This report examines how cash benefits, employment-oriented measures and public services affect the living conditions and developmental opportunities of children in families with persistent low income. The analyses are based on extensive register data from SSB, combined with econometric methods to isolate the effects of the measures. For parents, we mainly study labour market participation, working hours and receipt of public benefits. For children, we focus primarily on school performance but also analyse contact with the child welfare services and longer-term outcomes such as income, education and employment in adulthood. Although these outcomes are central, they do not cover all aspects of children's and parents' welfare. The results moreover apply to the individuals, periods and contexts included in the analyses, and must be interpreted considering these limitations.

Limited effects of direct cash benefits

We analyse three schemes primarily intended to strengthen families' incomes directly: child benefit, housing benefit and social assistance. Child benefit is a universal benefit, but accounts for a relatively larger share of disposable income for low-income families. The increase in the age limit from 16 to 18 years in 2000 provides indications of higher completion rates in upper secondary education and reduced use of social assistance in the municipalities, but the findings are uncertain. Housing benefit mainly reaches families with complex living-condition challenges, characterised by low earned income, low rates of home ownership, more children, more single parents and a higher share with an immigrant background. Increased rates following the municipal mergers in 2020 led to lower use of social assistance but produced no measurable effects on labour supply. Applicants for social assistance generally have weak labour market attachment and low incomes, and the benefit is primarily used to stabilise everyday household finances. We find no clear effects on parents' labour market attachment, children's school results or contact with the child welfare services, although the uncertainty in the estimates does not rule out moderate effects. Overall, the benefits appear to stabilise households' finances, while there is also a degree of substitution between schemes: increased support from one benefit may be followed by reduced support from others.

No clear effects of exposure to the Qualification Programme

The Qualification Programme (KVP) combines an activity requirement with a relatively generous benefit for people over the age of 18 who need support to enter employment. The programme may include employment-oriented measures, training, individual follow-up and guidance, and is tailored to each participant's needs. Using an event-study approach based on the municipal-level rollout in 2008–2010, we find indications of a positive effect on children's school performance, particularly when children are exposed at an early age. The effect appears to be linked to increased income and financial stability in the family, and we also find lower receipt of social assistance and somewhat stronger labour market attachment among the parents. The findings are nevertheless uncertain, and KVP was introduced as part of a broader welfare reform, which makes it difficult to isolate the effect of the programme itself.
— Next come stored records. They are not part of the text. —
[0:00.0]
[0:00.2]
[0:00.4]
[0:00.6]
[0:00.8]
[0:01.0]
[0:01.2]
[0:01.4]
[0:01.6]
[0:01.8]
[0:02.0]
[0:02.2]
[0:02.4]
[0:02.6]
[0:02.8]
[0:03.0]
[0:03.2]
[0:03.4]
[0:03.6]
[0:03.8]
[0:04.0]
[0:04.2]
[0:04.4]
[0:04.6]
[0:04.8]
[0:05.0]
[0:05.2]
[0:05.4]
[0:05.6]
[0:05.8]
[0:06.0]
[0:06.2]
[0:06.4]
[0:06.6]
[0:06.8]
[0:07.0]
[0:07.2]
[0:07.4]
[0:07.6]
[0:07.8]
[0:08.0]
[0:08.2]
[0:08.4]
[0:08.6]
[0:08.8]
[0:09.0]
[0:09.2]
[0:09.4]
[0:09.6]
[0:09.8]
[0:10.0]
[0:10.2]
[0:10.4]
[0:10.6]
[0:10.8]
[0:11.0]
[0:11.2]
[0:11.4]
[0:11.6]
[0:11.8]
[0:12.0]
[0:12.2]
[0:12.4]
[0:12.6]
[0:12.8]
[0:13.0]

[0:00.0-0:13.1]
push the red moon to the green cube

Increased participation in kindergarten may require measures other than reduced prices

Norway has three national schemes that reduce parental payment: a maximum price, income-graded parental payment and free core hours. These are an important reason for the high rate of kindergarten attendance in Norway. Nevertheless, our analyses show, for the first time at the national level, that families who do not use kindergarten generally have lower income, wealth and education, and are more often single parents, recipients of social assistance or have an immigrant background. We find the lowest participation rates among the 10 per cent poorest households – precisely the group that the reduction schemes are aimed at. Finances are thus not the only barrier; language, trust in the service, access to information, cultural norms and practical factors such as application processes and admission rules also play a role. There is therefore a need for measures beyond price reductions, such as targeted information, early recruitment and closer cooperation between NAV, public health clinics, child welfare services, schools and kindergartens.
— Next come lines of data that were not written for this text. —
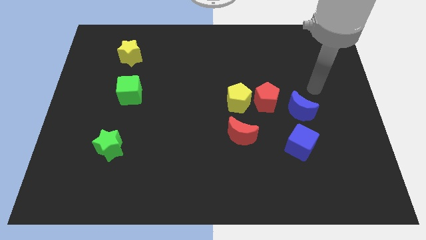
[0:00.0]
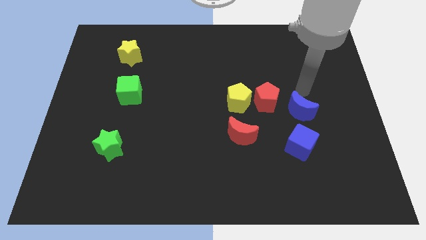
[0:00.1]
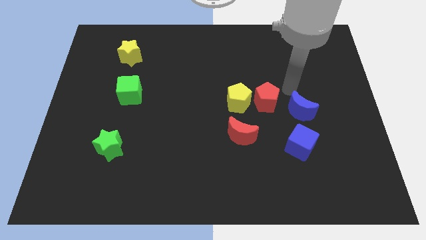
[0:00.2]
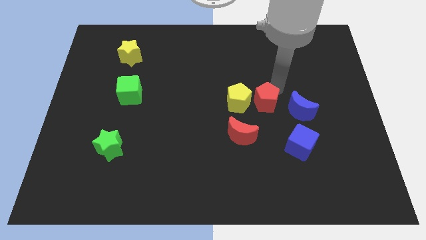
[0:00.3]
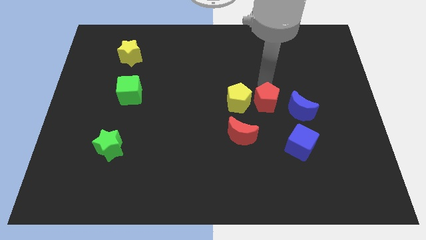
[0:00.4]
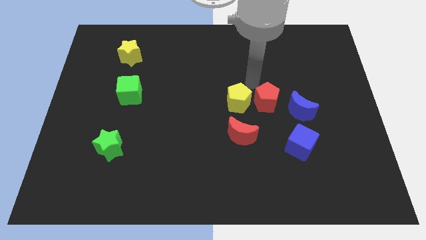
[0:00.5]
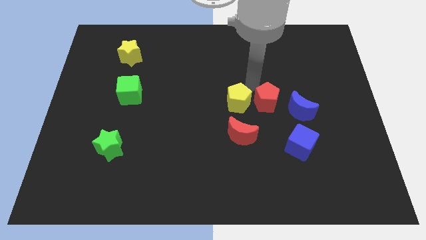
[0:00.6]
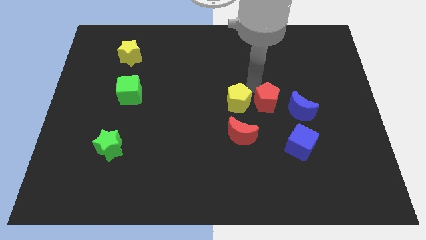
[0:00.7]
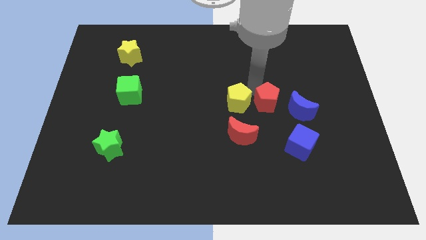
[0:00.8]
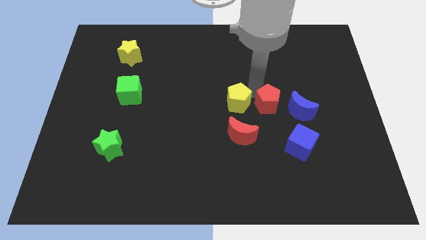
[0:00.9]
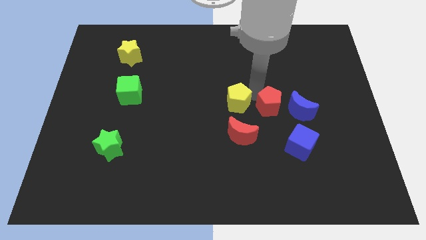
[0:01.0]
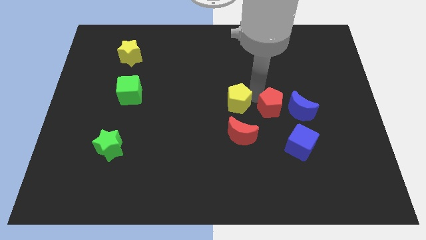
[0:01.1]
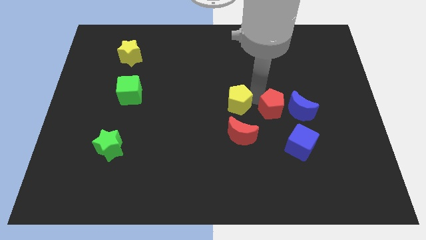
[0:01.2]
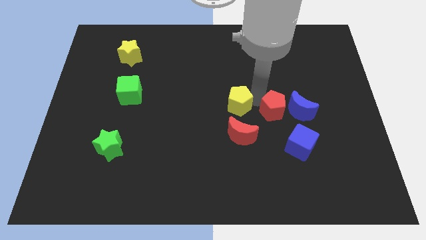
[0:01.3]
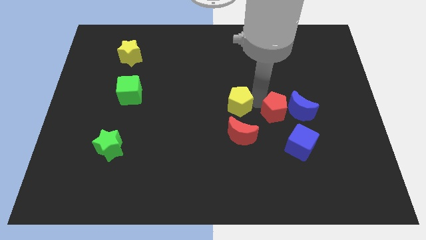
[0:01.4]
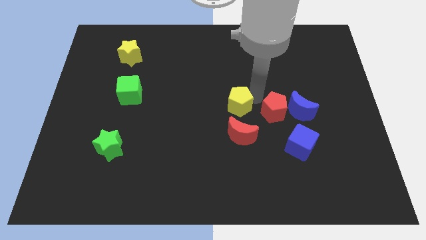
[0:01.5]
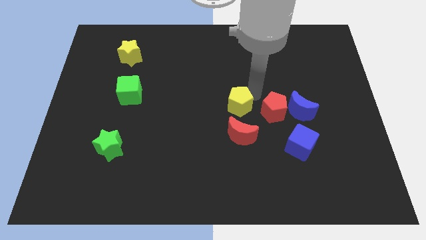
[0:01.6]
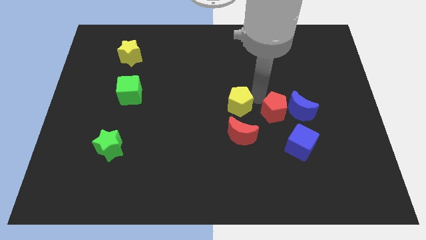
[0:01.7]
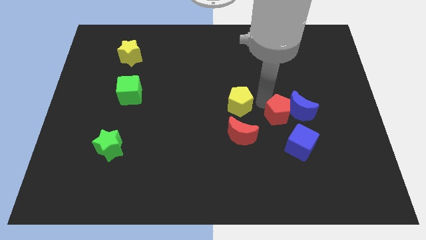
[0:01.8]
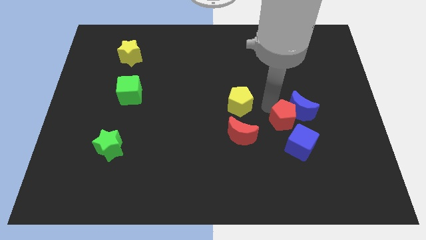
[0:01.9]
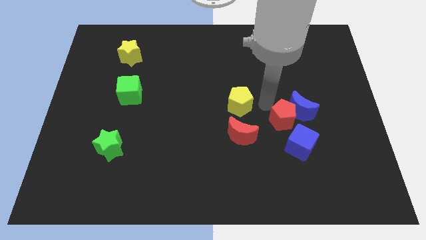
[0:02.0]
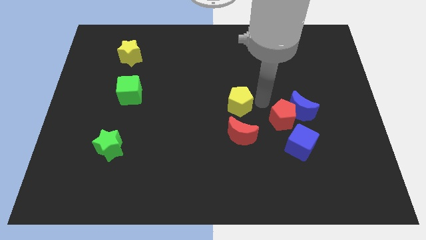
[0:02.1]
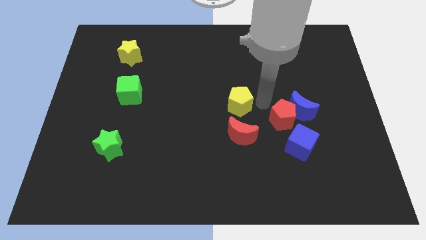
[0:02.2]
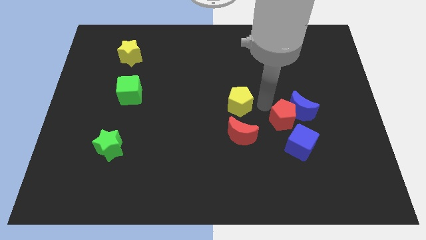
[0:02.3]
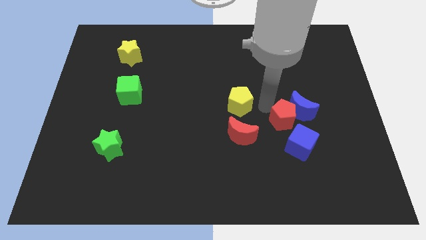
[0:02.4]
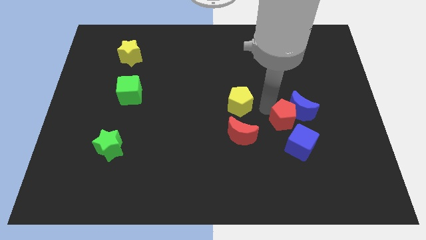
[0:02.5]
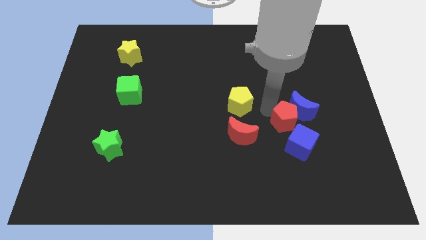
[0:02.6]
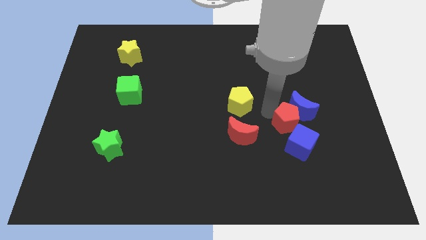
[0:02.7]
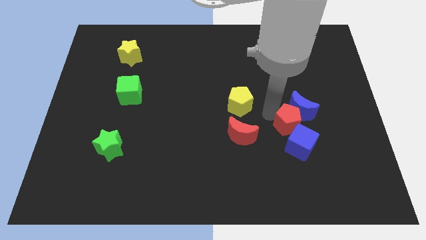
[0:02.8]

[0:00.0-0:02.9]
push the red pentagon close to the blue cube

Close follow-up in upper secondary education may be important

Many young people who are not in employment or education lack completed upper secondary education. We evaluate two measures for closer follow-up: NAV advisers in upper secondary education and social work advisers from the municipalities placed in upper secondary schools in Østfold. Both show consistently positive effects on the likelihood of completing upper secondary education, although the uncertainty is considerable. Social work advisers have a clear positive effect once the role has been established at the school for some time. We do not, however, find signs of a lasting reduction in inactivity in adulthood. Closer follow-up may thus increase completion rates without this necessarily leading to stronger attachment to work or education later on – for some pupils, completed upper secondary education is not sufficient to secure stable participation in working life.